La imagen de abajo corresponde a la forma en que se hacen las filas para reclamar el subsidio de Familias en Acción en los municipios antioqueños de Betulia y Urrao. Los dos se ubican en el suroeste de Antioquia, separados por 35 minutos de vía pavimentada en su totalidad. El primero reconocido productor de café, el segundo hace parte de la despensa agrícola del departamento, pero también es reconocido por una creciente vocación turística. A pesar de la similitud de uno y otro, la imagen demuestra lo disímil que es la actividad pública en los dos. ¿Y por qué hablar de función pública? Bien, sigamos con el ejercicio comparativo. De un lado está el campesino que tiene que lidiar con los afanes propios de su realidad: que no lo deje el camión escalera, que el trabajo en su parcela de pancoger se mantenga, que la vía esté en buen estado y le permita llegar a tiempo (Betulia tiene veredas a 4 horas de distancia), qué decir del abrasante sol que golpea sobre su espalda mientras espera poder reclamar un subsidio que en tiempos de coronavirus será el único recurso que tendrá en mucho tiempo, pero, sobre todo, los pico y cédula que le imponen desde la centralidad de la administración, que le aumenta el anhelo de poder hacer el mercado antes de que lo deje el transporte, sumando a sus afanes el hambre y la incertidumbre de saber cuándo podrá salir de nuevo.
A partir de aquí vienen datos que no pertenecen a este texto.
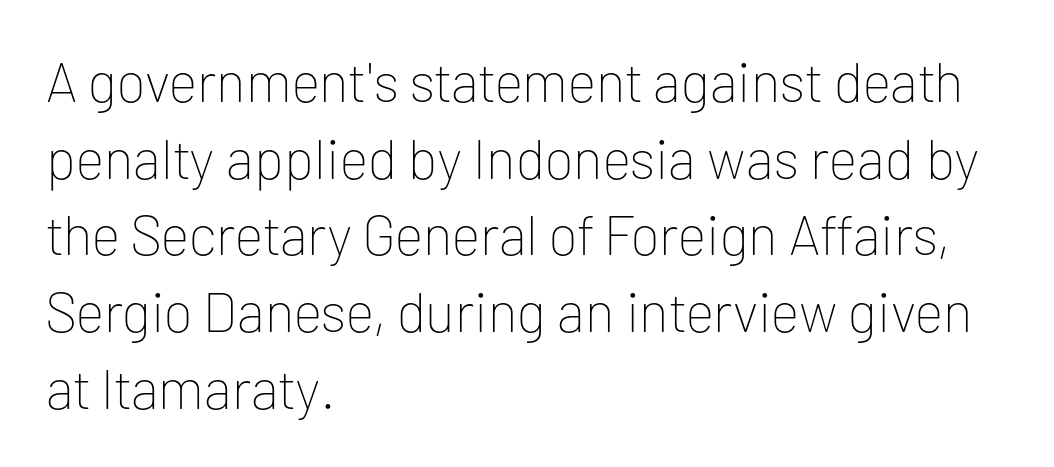
Unmarked baselines from the first word to the last. Nothing unusual about the tracking: characters are spaced as the font intends. In terms of letterform style, serifs are entirely absent. The font is comparable to plain body text, perhaps lighter. Posture: straight, roman, zero tilt. Typeset ragged right — the left edge is the straight one.
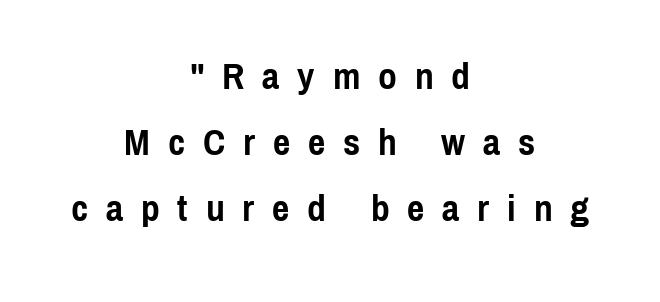
Q: Is the text bold? A: Yes.
Q: Is the text italic (slanted)? A: No, it is upright.
Q: Is the typeface a serif or a sans-serif typeface? A: Sans-serif.
Q: Is the text underlined? A: No.
Q: How is the paragraph aligned? A: Centered.
Q: Is the spacing between letters normal or unusually wide? A: Unusually wide.
Q: Width (condensed, normal, or wide)? A: Condensed.
Q: x-height? A: Medium.
Q: Monospaced? A: No.
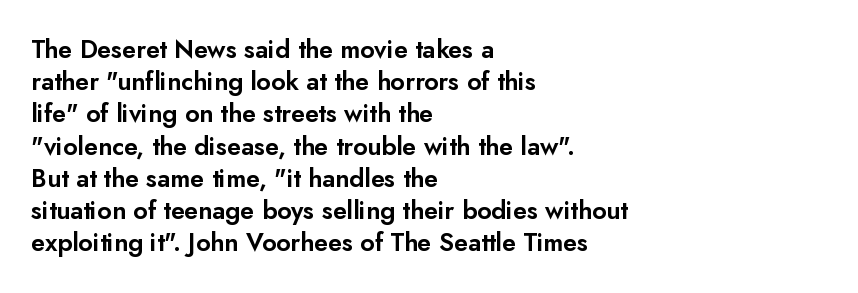
Q: Is the text italic (slanted)? A: No, it is upright.
Q: Is the text underlined? A: No.
Q: How is the paragraph aligned? A: Left-aligned.
Q: Is the spacing between letters normal or unusually wide? A: Normal.
Q: Is the spacing between lines tight, normal or loose? A: Normal.

De otro lado, la jurásica función pública, en cabeza de quienes reciben honorarios públicos para cumplir con una responsabilidad que estará permanentemente bajo supervisión de la ciudadanía, llega cumplidamente a la hora de apertura de su oficina, ni un minuto antes, ni un minuto después, absorto del contexto de esa comunidad que paga indirectamente el cumplimiento de los objetivos pactados en su contrato. El funcionario está sentado en su silla ergonómica, a la sombra, sin más esfuerzo que le exige buscar las letras en el teclado de su computador, con sus horarios para almuerzo preestablecidos y debidamente cumplidos y a cuya cita acude puntualmente a dos o tres cuadras de su oficina, no más lejano de esto está su hogar. Pero cuando se hace el más mínimo reparo al desorden y el peligro que ello representa en las filas que hay en algunos pueblos, las mismas que hay en sus vecinos municipios con mayor control, aparecen las cortinas de humo lanzadas desde los comité de aplausos de aquellos alcaldes que perciben más dócil eludir las críticas que aceptar los errores e implementar correctivos, esa actividad tan simple de la función pública “moderna” que hace parte del ciclo PHVA (planear, hacer, verificar, actuar).
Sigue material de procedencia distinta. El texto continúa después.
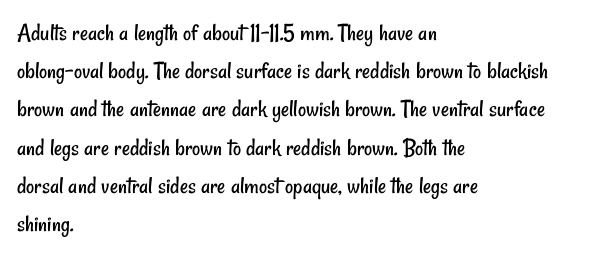
Every row of glyphs begins at an identical x-position on the left. The designer left line spacing at the default. No extra ink here — the face is not bold. Short note: letters normally spaced. The area under the type is left untouched.
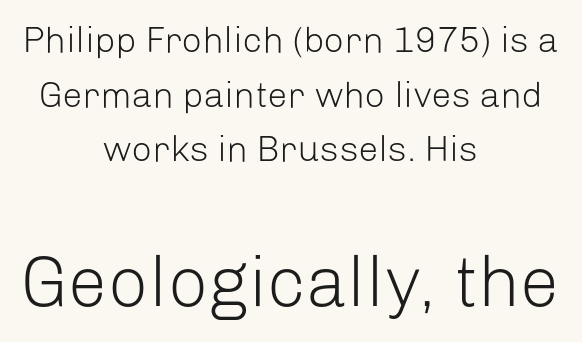
The image shows 71 px light sans-serif type, upright; set centered, normal line spacing (1.52x), normal letter spacing, not underlined; the second (bottom) block is 1.97x larger; low stroke contrast and a medium x-height.
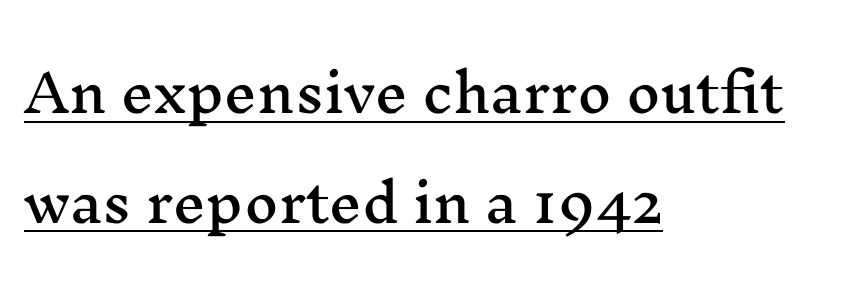
Each letter keeps its own natural width here, so spacing adapts to shape. Successive baselines arrive slowly, with a big drop between each. Are there feet on the stems? There are — it's a serif. Observe the ordinary spacing: letters are neighbours, not strangers. A typesetter would mark this as roman, not italic.
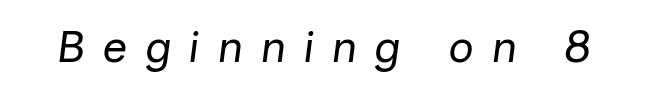
Q: Is the text bold? A: No.
Q: Is the text italic (slanted)? A: Yes, it leans right by about 7 degrees.
Q: Is the text underlined? A: No.
Q: Is the spacing between letters normal or unusually wide? A: Unusually wide.
Q: Width (condensed, normal, or wide)? A: Normal.
Q: Stroke contrast? A: Low.
Q: x-height? A: Medium.
Q: Monospaced? A: No.
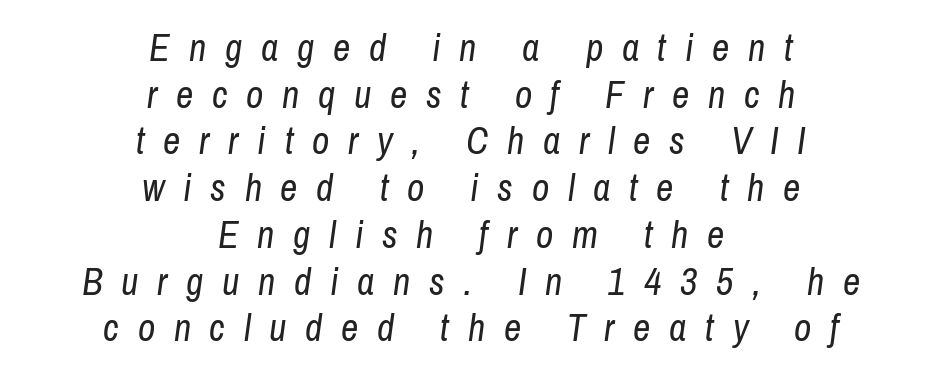
Unmarked baselines from the first word to the last. Think of a printed novel: that variable character pitch is what you see here. Stroke thickness stays within the range of a standard reading face or lighter. Short and long lines alike share a common midpoint.

No se puede exculpar la incompetencia e inoperancia de algunos funcionarios públicos en las necesidades, algunas veces básicas, de quienes ante sus penurias y una crisis de la magnitud que vivimos en el mundo entero actualmente, se guían por el hambre y la incertidumbre, mientras que quienes no ven más allá de la pantalla de su computador tienen todo solucionado una vez terminada su labor, gracias precisamente a esos en quienes se descarga hoy la responsabilidad de asumir autocontroles mínimos como un tapabocas, orden en la fila, pero ante lo cual, ni siquiera en eso encuentran ejemplo de aquellos en quienes realmente está esa actividad. A esto se suma, además, que algunos funcionarios públicos, frente al liberal y democrático ejercicio de la crítica y la veeduría, se apersonan a tal punto que se enfrascan en discusiones y peleas que lo único que hacen es abstraerlo de lo realmente importante y hace que terminen descargando su responsabilidad como funcionario público en quien es la razón de ser de la función pública: el ciudadano. La función pública no es para servirnos a nosotros mismos, en forma de remuneración, felicitaciones, adulaciones, likes en redes sociales, votos, etc., no, la función pública es tan simple como su nombre.